Data items:

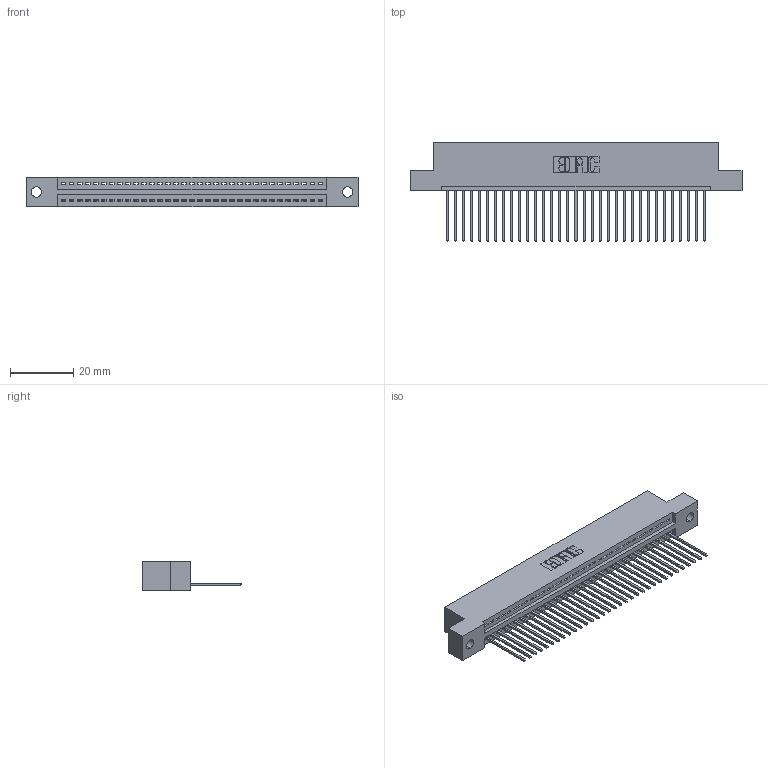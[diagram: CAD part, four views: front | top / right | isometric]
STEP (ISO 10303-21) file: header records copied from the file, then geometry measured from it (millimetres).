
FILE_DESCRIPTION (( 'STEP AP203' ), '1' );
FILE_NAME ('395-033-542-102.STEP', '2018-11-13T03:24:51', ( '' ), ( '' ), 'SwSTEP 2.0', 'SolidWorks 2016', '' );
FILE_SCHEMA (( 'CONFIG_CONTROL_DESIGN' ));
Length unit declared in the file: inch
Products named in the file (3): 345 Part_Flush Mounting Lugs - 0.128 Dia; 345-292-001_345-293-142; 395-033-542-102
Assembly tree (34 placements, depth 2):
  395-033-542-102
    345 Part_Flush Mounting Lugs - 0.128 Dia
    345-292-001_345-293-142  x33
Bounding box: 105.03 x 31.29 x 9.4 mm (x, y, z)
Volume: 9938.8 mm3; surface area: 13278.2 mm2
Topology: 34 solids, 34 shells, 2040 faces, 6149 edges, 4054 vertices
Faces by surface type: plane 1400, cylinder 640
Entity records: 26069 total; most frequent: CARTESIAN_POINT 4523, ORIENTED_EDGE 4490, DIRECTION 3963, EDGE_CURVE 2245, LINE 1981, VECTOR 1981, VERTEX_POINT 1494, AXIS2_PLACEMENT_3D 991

**EXERCISE REQUIREMENTS:** What you return must be every entry, word for word, without any pictures.

**ANSWER TO THIS EXERCISE:**
[diagram: CAD part, four views: front | top / right | isometric]
STEP (ISO 10303-21) file: header records copied from the file, then geometry measured from it (millimetres).
FILE_DESCRIPTION (( 'STEP AP203' ), '1' );
FILE_NAME ('395-033-542-102.STEP', '2018-11-13T03:24:51', ( '' ), ( '' ), 'SwSTEP 2.0', 'SolidWorks 2016', '' );
FILE_SCHEMA (( 'CONFIG_CONTROL_DESIGN' ));
Length unit declared in the file: inch
Products named in the file (3): 345 Part_Flush Mounting Lugs - 0.128 Dia; 345-292-001_345-293-142; 395-033-542-102
Assembly tree (34 placements, depth 2):
  395-033-542-102
    345 Part_Flush Mounting Lugs - 0.128 Dia
    345-292-001_345-293-142  x33
Bounding box: 105.03 x 31.29 x 9.4 mm (x, y, z)
Volume: 9938.8 mm3; surface area: 13278.2 mm2
Topology: 34 solids, 34 shells, 2040 faces, 6149 edges, 4054 vertices
Faces by surface type: plane 1400, cylinder 640
Entity records: 26069 total; most frequent: CARTESIAN_POINT 4523, ORIENTED_EDGE 4490, DIRECTION 3963, EDGE_CURVE 2245, LINE 1981, VECTOR 1981, VERTEX_POINT 1494, AXIS2_PLACEMENT_3D 991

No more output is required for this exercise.